For Object Navigation tasks on HM3D and MP3D datasets, OmniEVA outperforms the state-of-the-art navigation model UniNavid in both success rate and path efficiency, achieving a notable +5.4 improvement in SPL by predicting optimal 3D subgoal locations for target object exploration.


Ablation Study of the Task-Adaptive 3D-Grounding Method
How Effective Is the Task-Adaptive Gated Router? We compared our approach against two baselines: (1) Hard-coded 3D integration: The 3D features are integrated into visual tokens for all tasks, which is a common strategy employed by prior 3D LLMs. (2) Without 3D integration: With 3D features disregarded, the model can be viewed as a traditional 2D MLLM. As shown in the ablation study results, our method outperforms both baselines in three out of four tasks, yielding an average performance improvement of 1.22%. These results underscore the model's superior adaptability and its capacity to leverage 3D information when contextually appropriate.

When Is the TAGR Module Activated? To illustrate the conditions under which the Task-Adaptive Gated Router (TAGR) activates, we conducted both quantitative and qualitative analysis. First, we examined the activation probabilities of prompt words across various tasks. Language signals related to geometric attributes (e.g., "shape", "square", "rectangular") and spatial verbs (e.g., "throwing", "go", "away") consistently elicited high activation scores. This pattern suggests that such linguistic cues implicitly signal the need for 3D spatial reasoning. Conversely, prompts centered on object counting or generic inquiries (e.g., "many", "nine") exhibited low activation, implying that these tasks rely predominantly on 2D visual features.

We further illustrate this behavior through qualitative case studies. In the first two examples, querying the shape of a table and a desk activates the 3D gate with differing probabilities: 0.73 for the rectangular table, indicating ambiguity between "square" and "rectangular" and thus a reliance on 3D cues; and 0.52 for the round table, suggesting sufficient 2D visual information. In contrast, object counting and color identification in the two right-hand examples leave the 3D gate inactive, demonstrating the TAGR module's ability to omit 3D features when spatial reasoning is unnecessary.
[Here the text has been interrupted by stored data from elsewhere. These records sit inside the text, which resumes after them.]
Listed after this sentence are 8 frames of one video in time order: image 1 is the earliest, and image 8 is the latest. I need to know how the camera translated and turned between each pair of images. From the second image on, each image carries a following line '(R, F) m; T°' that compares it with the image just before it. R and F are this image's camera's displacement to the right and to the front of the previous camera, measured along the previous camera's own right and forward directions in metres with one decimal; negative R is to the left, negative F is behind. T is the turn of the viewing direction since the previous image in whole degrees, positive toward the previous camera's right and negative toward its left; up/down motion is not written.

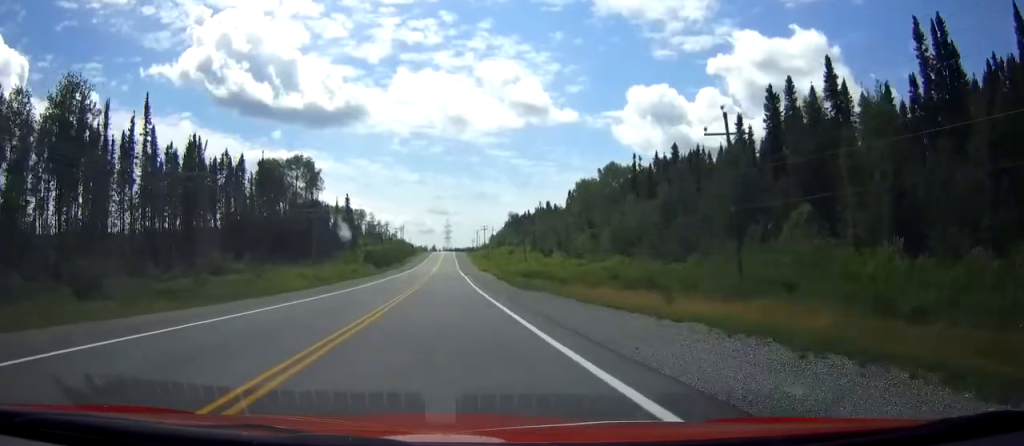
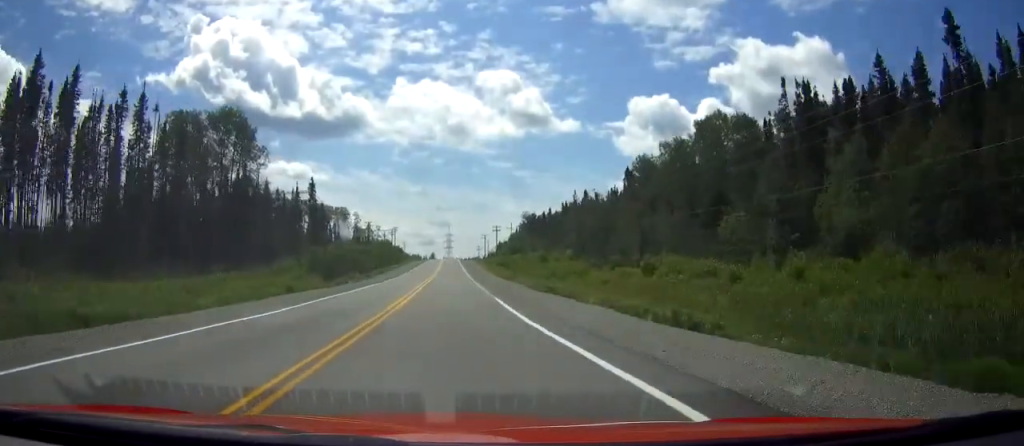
(-0.1, +57.4) m; 0°
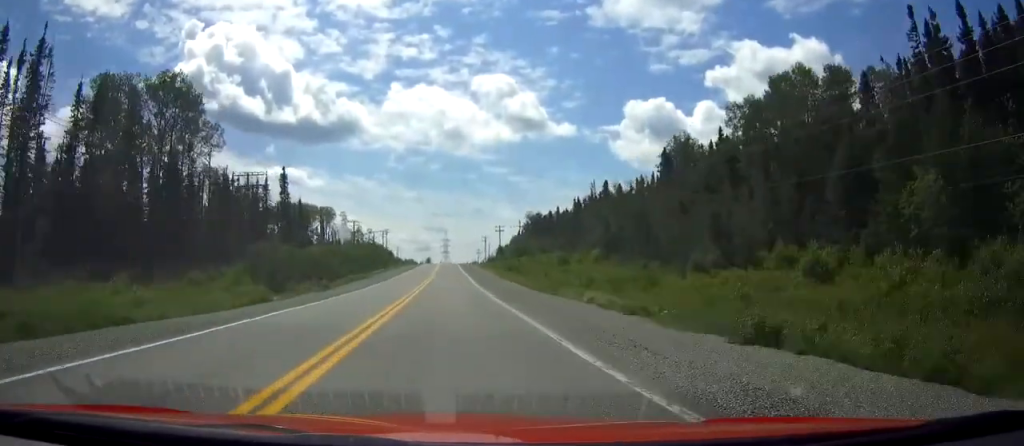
(0.0, +23.9) m; 0°
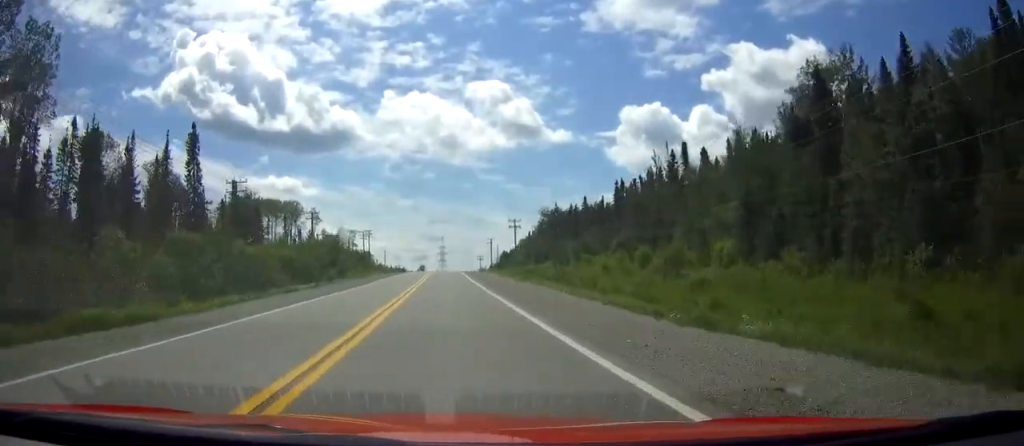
(0.0, +46.7) m; 0°
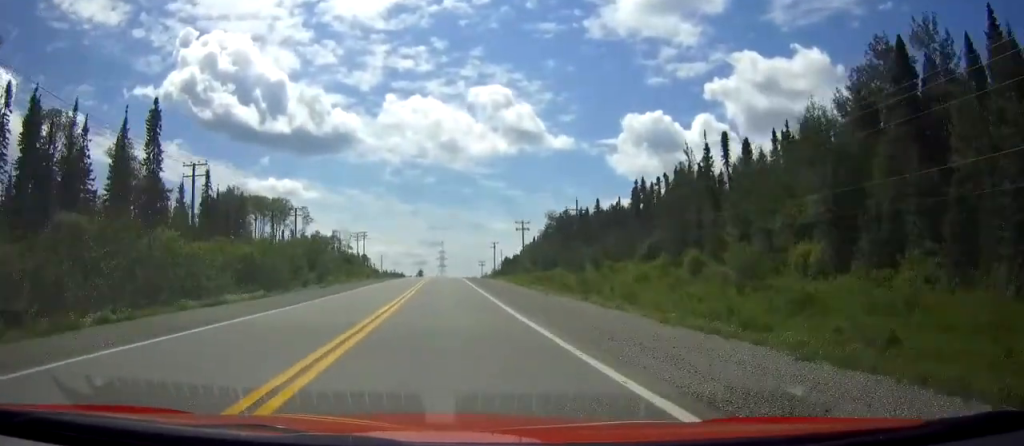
(0.0, +13.0) m; 0°
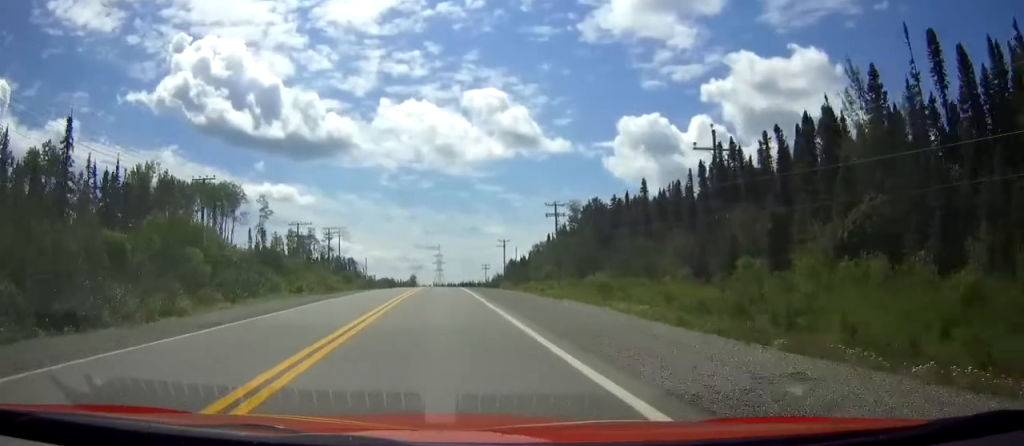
(0.0, +38.9) m; 0°
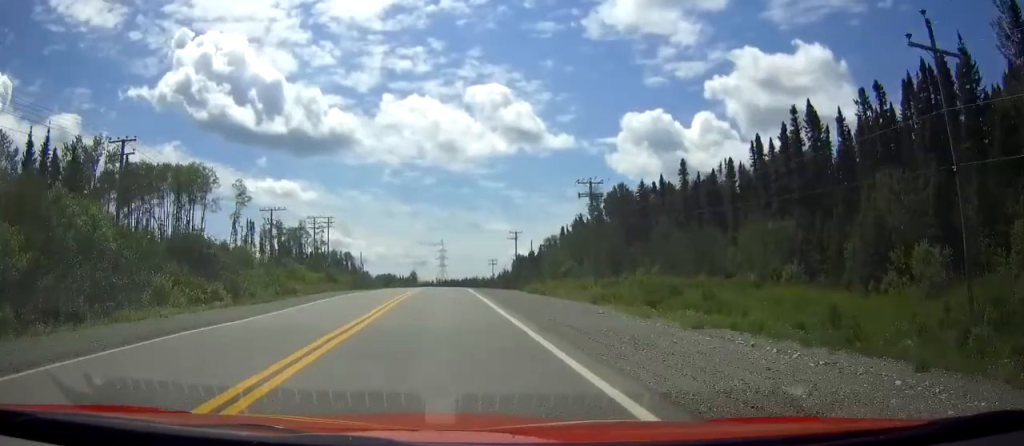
(0.0, +18.2) m; 0°
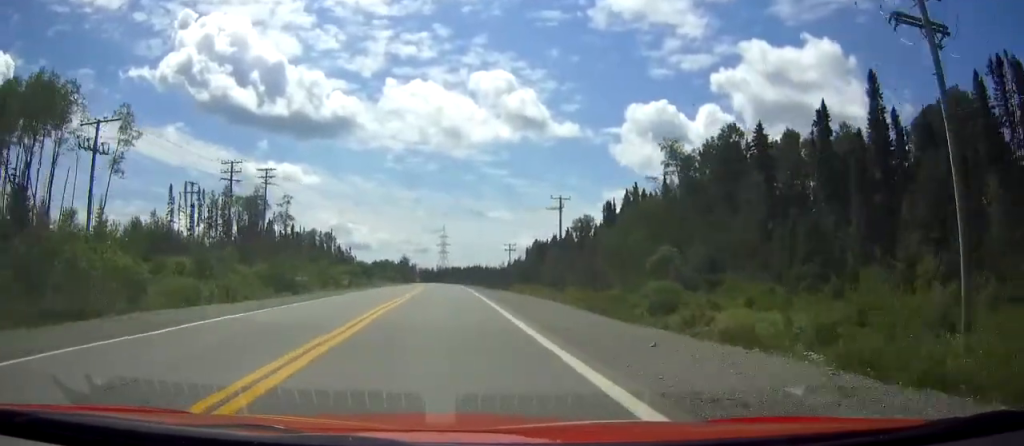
(0.0, +47.9) m; 0°

Ablation Study of Embodiment-aware Reasoning
How Effective Is the TE-GRPO Training Method? Our results demonstrate that the TE-GRPO training method, which jointly optimizes both task rewards and embodiment rewards, leads to significant performance improvements on both primitive skill benchmarks and downstream tasks. Specifically, Where2Approach and Where2Fit exhibit performance gains of 28.95% and 34.28%, respectively. These improvements are also directly reflected in the increased success rates of the Mobile Placement task—by 43% in the Easy variant and 50% in the Hard variant. While both task and embodiment rewards contribute individually to performance enhancement, their combination yields maximized synergistic effects.

How does OmniEVA adapt to physical and embodiment constraints? To further understand the model's embodiment awareness, we analyze OmniEVA trained with TE-GRPO. The figure below illustrates its reasoning process. OmniEVA begins by performing task-level analysis, including scenario interpretation, spatial analysis, and textual localization of vacant areas. It then incorporates physical constraints—such as reachability and workspace boundaries—to refine its predictions. Through embodiment-aware reasoning processes and reward reinforcement, the final output is a placement region that satisfies all specified requirements.